__Exercise__
Your task is to reproduce exactly the lines that run from the beginning of the data through the line where "Infiltration: positive" appears.

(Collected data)
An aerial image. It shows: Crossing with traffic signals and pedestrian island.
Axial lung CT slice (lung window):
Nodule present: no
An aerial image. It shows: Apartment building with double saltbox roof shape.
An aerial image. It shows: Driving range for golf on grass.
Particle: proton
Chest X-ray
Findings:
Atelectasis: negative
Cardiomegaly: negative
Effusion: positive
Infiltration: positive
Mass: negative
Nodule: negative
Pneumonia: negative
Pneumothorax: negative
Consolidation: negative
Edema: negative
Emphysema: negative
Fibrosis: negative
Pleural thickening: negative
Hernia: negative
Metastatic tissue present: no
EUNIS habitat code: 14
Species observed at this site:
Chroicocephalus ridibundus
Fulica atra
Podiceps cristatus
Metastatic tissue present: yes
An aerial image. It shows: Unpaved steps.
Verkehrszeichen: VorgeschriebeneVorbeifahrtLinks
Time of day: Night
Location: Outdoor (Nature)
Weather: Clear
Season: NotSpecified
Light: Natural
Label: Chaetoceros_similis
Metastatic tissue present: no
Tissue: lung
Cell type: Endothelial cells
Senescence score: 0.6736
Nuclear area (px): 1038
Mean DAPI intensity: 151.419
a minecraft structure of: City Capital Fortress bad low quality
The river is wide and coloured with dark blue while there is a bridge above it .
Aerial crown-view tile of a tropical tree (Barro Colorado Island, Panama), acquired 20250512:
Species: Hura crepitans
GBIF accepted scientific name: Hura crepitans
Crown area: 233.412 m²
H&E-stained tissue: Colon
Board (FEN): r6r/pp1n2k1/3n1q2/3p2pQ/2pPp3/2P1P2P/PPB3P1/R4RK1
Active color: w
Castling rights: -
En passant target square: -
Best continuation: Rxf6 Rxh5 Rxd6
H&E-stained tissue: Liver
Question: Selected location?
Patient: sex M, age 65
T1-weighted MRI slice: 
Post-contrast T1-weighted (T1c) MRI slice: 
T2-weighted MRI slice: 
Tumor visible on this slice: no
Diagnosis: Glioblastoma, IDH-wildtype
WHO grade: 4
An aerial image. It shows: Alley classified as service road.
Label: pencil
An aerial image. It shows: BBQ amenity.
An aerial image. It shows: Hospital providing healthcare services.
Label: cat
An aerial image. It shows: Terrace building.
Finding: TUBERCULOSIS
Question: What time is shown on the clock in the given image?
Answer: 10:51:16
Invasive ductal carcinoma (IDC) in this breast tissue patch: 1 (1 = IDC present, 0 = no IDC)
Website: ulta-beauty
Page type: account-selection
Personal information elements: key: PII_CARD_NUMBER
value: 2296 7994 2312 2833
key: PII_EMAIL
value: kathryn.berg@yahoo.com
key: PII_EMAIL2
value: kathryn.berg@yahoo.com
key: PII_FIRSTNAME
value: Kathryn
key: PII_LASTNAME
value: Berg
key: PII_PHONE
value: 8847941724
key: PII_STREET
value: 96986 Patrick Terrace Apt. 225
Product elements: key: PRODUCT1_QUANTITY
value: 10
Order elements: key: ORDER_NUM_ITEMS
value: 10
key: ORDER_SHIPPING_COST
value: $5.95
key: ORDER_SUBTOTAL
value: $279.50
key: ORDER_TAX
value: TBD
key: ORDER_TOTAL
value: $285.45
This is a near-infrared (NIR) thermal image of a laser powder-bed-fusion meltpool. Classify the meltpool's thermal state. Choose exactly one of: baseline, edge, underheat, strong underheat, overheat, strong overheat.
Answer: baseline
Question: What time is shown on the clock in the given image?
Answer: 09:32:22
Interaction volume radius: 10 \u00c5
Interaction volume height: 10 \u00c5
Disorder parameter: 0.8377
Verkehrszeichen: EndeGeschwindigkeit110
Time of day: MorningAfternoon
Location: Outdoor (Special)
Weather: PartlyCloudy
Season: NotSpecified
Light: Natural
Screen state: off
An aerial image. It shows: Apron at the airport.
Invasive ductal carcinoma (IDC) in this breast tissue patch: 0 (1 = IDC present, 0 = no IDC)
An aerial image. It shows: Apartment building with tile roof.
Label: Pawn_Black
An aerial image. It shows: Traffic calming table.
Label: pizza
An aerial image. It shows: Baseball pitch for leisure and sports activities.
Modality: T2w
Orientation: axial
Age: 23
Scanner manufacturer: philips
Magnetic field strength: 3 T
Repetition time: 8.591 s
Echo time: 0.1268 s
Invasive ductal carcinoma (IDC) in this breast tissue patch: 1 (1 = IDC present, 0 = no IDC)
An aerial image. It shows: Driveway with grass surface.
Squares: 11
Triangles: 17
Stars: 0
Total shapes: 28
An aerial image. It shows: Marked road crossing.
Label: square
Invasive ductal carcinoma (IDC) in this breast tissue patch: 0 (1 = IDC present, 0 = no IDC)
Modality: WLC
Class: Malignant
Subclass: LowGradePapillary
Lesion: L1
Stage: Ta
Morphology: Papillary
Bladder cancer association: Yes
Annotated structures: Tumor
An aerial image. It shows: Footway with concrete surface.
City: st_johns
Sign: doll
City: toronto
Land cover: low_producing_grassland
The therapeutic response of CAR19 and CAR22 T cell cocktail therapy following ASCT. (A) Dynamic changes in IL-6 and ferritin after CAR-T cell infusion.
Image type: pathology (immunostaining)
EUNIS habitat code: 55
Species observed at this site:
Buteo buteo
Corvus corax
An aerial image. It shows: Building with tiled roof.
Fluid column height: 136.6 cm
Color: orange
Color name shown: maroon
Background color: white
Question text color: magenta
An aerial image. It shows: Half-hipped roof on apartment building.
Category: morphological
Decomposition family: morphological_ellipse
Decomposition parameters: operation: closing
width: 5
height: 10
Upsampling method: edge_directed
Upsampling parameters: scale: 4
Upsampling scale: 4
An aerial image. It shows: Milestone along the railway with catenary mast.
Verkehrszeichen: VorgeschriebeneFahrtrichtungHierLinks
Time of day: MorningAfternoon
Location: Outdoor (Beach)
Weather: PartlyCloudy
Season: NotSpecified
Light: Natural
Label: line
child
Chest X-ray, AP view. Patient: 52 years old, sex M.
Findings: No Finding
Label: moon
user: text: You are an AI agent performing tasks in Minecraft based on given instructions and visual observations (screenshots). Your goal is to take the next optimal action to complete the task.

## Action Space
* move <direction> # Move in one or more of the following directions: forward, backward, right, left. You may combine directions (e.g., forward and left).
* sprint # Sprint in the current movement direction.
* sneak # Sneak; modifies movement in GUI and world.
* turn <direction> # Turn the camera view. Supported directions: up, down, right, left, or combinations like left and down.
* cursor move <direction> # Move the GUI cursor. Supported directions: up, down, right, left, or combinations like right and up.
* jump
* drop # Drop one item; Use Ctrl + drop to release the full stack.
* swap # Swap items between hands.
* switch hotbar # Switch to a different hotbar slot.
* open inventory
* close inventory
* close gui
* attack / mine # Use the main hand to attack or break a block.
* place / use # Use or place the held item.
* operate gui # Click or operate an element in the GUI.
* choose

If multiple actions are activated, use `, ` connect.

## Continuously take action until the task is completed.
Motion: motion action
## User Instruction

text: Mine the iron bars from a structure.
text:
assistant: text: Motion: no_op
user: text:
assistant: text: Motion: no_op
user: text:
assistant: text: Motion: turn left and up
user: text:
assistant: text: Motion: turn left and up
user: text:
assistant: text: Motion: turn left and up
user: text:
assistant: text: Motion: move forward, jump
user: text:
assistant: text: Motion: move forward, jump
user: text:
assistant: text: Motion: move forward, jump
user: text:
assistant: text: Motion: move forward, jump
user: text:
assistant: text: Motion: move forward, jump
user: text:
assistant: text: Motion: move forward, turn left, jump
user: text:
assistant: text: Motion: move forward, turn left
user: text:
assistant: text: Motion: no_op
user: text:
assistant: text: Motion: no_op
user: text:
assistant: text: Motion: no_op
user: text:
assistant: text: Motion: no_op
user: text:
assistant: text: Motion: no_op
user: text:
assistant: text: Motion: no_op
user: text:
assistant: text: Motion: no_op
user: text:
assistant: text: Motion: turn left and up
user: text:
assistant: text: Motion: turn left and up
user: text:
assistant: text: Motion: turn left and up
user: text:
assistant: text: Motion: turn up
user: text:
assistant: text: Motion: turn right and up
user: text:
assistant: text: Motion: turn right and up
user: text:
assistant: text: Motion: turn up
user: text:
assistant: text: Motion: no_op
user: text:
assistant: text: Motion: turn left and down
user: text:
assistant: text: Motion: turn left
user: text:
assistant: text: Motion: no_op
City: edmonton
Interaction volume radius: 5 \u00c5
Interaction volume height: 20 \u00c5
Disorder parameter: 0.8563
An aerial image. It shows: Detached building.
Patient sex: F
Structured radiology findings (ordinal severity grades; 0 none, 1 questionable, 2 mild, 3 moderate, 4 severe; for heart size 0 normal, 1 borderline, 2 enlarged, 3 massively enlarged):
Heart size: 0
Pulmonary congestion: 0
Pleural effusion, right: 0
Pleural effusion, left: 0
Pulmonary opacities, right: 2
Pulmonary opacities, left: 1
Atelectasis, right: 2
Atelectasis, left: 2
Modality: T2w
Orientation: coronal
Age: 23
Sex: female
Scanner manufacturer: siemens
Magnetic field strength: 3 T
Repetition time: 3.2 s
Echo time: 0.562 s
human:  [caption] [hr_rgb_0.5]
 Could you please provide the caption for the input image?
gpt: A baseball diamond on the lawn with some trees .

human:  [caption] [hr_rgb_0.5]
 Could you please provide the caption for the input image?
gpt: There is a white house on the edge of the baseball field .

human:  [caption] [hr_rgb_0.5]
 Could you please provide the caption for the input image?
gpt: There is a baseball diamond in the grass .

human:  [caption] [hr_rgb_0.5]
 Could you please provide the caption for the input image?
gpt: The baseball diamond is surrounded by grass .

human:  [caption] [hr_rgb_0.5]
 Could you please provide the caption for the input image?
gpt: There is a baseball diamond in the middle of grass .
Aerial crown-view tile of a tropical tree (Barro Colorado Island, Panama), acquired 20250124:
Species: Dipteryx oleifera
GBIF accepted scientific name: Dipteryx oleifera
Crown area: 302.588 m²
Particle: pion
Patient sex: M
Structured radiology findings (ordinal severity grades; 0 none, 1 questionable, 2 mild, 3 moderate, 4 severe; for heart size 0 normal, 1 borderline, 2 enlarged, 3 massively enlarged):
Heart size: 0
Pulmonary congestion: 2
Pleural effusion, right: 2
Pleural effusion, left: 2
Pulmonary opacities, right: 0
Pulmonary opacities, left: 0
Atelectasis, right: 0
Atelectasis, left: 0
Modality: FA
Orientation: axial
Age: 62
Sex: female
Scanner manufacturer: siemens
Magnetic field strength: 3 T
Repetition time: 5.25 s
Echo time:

__Written solution__
An aerial image. It shows: Crossing with traffic signals and pedestrian island.
Axial lung CT slice (lung window):
Nodule present: no
An aerial image. It shows: Apartment building with double saltbox roof shape.
An aerial image. It shows: Driving range for golf on grass.
Particle: proton
Chest X-ray
Findings:
Atelectasis: negative
Cardiomegaly: negative
Effusion: positive
Infiltration: positive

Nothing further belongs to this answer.